On 9/29/2024 4:18 PM, [email protected] wrote:
> From: Jiadong Zhu <[email protected]>
> 
> Implement sdma queue reset callback via SMU interface.
> 
> Signed-off-by: Jiadong Zhu <[email protected]>
> ---
>  drivers/gpu/drm/amd/amdgpu/sdma_v4_4_2.c | 137 ++++++++++++++++++++---
>  1 file changed, 123 insertions(+), 14 deletions(-)
> 
> diff --git a/drivers/gpu/drm/amd/amdgpu/sdma_v4_4_2.c 
> b/drivers/gpu/drm/amd/amdgpu/sdma_v4_4_2.c
> index c77889040760..9485f1a1986c 100644
> --- a/drivers/gpu/drm/amd/amdgpu/sdma_v4_4_2.c
> +++ b/drivers/gpu/drm/amd/amdgpu/sdma_v4_4_2.c
> @@ -667,11 +667,12 @@ static uint32_t sdma_v4_4_2_rb_cntl(struct amdgpu_ring 
> *ring, uint32_t rb_cntl)
>   *
>   * @adev: amdgpu_device pointer
>   * @i: instance to resume
> + * @restore: used to restore wptr when restart
>   *
>   * Set up the gfx DMA ring buffers and enable them.

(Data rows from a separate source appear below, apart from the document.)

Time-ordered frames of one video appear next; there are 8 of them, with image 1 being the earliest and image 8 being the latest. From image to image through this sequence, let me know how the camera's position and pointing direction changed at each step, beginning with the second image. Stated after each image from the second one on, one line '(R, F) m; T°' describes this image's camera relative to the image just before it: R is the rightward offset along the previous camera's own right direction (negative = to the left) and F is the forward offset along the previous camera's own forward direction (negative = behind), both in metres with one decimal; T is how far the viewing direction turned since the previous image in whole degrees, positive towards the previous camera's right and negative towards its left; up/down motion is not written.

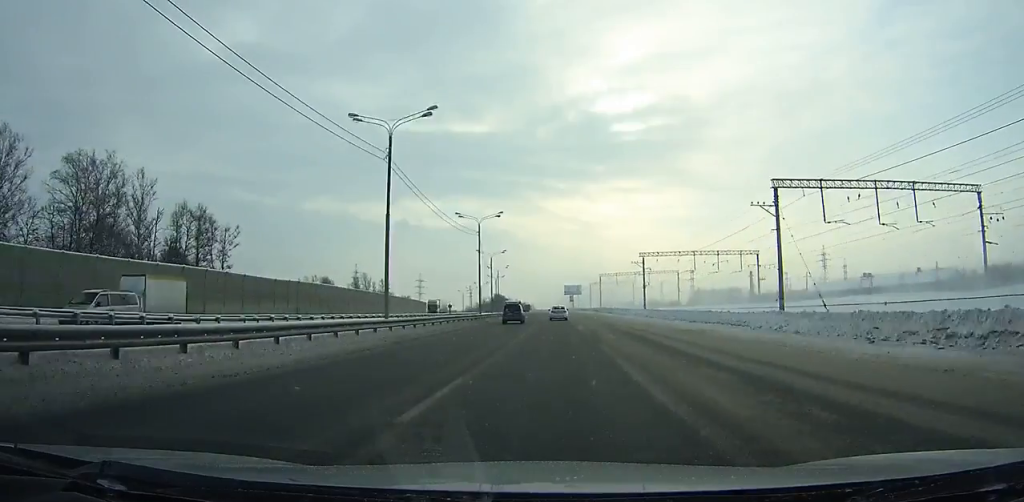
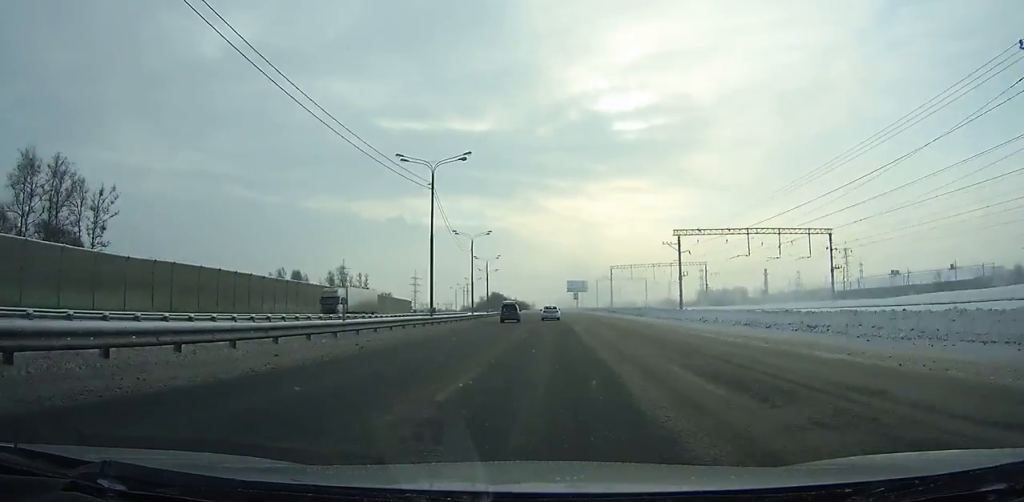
(-0.2, +29.4) m; -1°
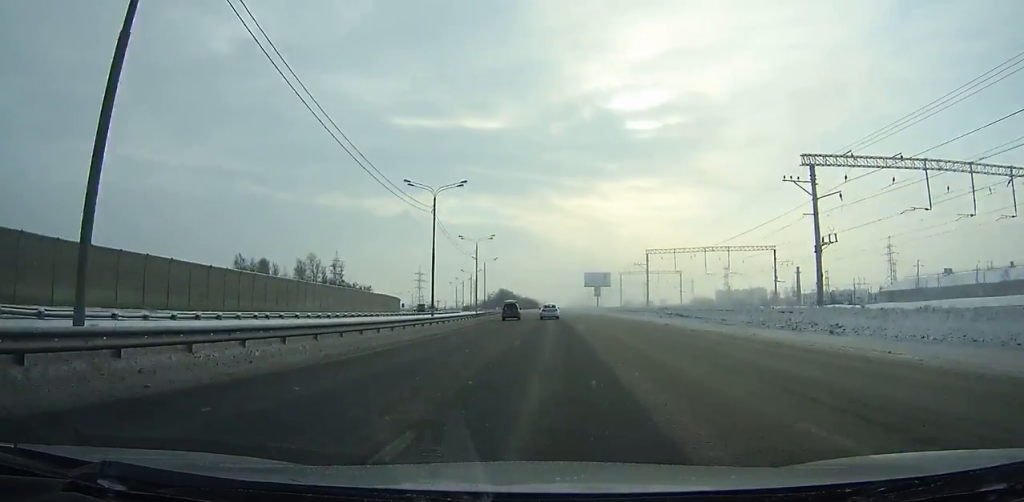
(-0.3, +38.6) m; -1°
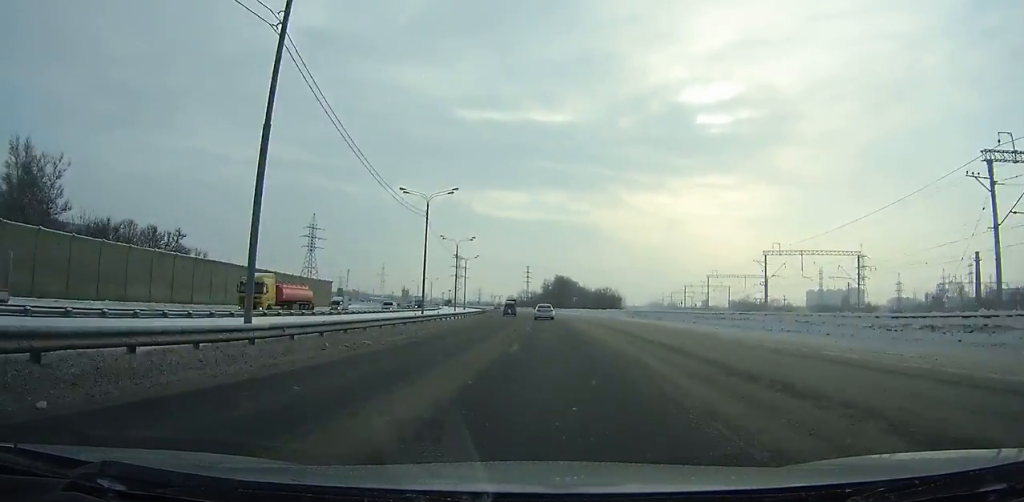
(-7.1, +130.3) m; -7°
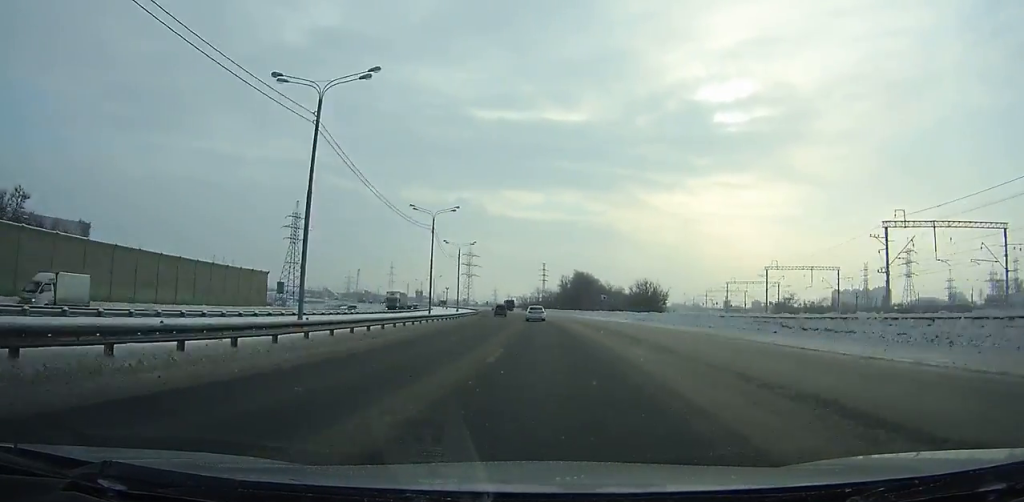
(-0.7, +35.8) m; -2°
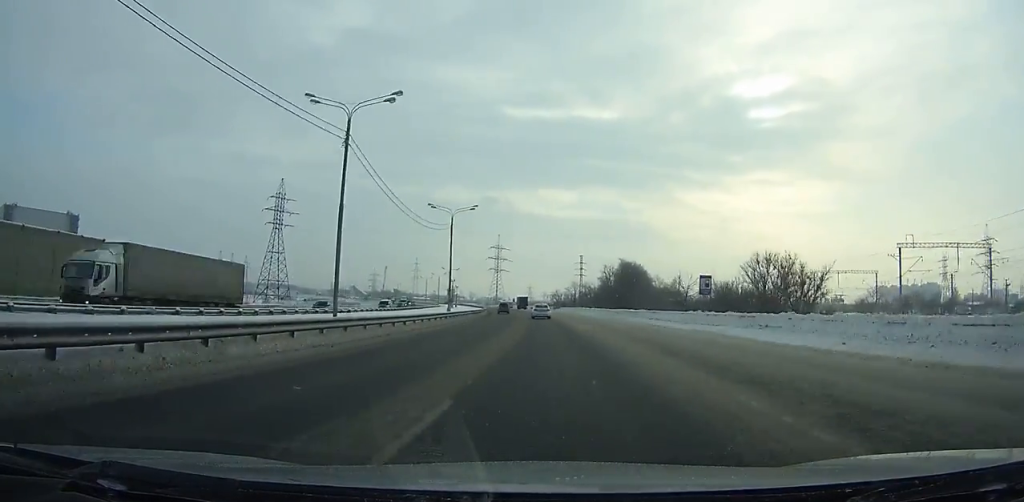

>   * Returns 0 for success, error for failure.
>   */
> -static void sdma_v4_4_2_gfx_resume(struct amdgpu_device *adev, unsigned int 
> i)
> +static void sdma_v4_4_2_gfx_resume(struct amdgpu_device *adev, unsigned int 
> i, bool restore)
>  {
>       struct amdgpu_ring *ring = &adev->sdma.instance[i].ring;
>       u32 rb_cntl, ib_cntl, wptr_poll_cntl;
> @@ -698,16 +699,24 @@ static void sdma_v4_4_2_gfx_resume(struct amdgpu_device 
> *adev, unsigned int i)
>       WREG32_SDMA(i, regSDMA_GFX_RB_BASE, ring->gpu_addr >> 8);
>       WREG32_SDMA(i, regSDMA_GFX_RB_BASE_HI, ring->gpu_addr >> 40);
>  
> -     ring->wptr = 0;
> +     if (!restore)
> +             ring->wptr = 0;
>  
>       /* before programing wptr to a less value, need set minor_ptr_update 
> first */
>       WREG32_SDMA(i, regSDMA_GFX_MINOR_PTR_UPDATE, 1);
>  
>       /* Initialize the ring buffer's read and write pointers */
> -     WREG32_SDMA(i, regSDMA_GFX_RB_RPTR, 0);
> -     WREG32_SDMA(i, regSDMA_GFX_RB_RPTR_HI, 0);
> -     WREG32_SDMA(i, regSDMA_GFX_RB_WPTR, 0);
> -     WREG32_SDMA(i, regSDMA_GFX_RB_WPTR_HI, 0);
> +     if (restore) {
> +             WREG32_SDMA(i, regSDMA_GFX_RB_RPTR, lower_32_bits(ring->wptr << 
> 2));
> +             WREG32_SDMA(i, regSDMA_GFX_RB_RPTR_HI, upper_32_bits(ring->wptr 
> << 2));
> +             WREG32_SDMA(i, regSDMA_GFX_RB_WPTR, lower_32_bits(ring->wptr << 
> 2));
> +             WREG32_SDMA(i, regSDMA_GFX_RB_WPTR_HI, upper_32_bits(ring->wptr 
> << 2));
> +     } else {
> +             WREG32_SDMA(i, regSDMA_GFX_RB_RPTR, 0);
> +             WREG32_SDMA(i, regSDMA_GFX_RB_RPTR_HI, 0);
> +             WREG32_SDMA(i, regSDMA_GFX_RB_WPTR, 0);
> +             WREG32_SDMA(i, regSDMA_GFX_RB_WPTR_HI, 0);
> +     }
>  
>       doorbell = RREG32_SDMA(i, regSDMA_GFX_DOORBELL);
>       doorbell_offset = RREG32_SDMA(i, regSDMA_GFX_DOORBELL_OFFSET);
> @@ -759,7 +768,7 @@ static void sdma_v4_4_2_gfx_resume(struct amdgpu_device 
> *adev, unsigned int i)
>   * Set up the page DMA ring buffers and enable them.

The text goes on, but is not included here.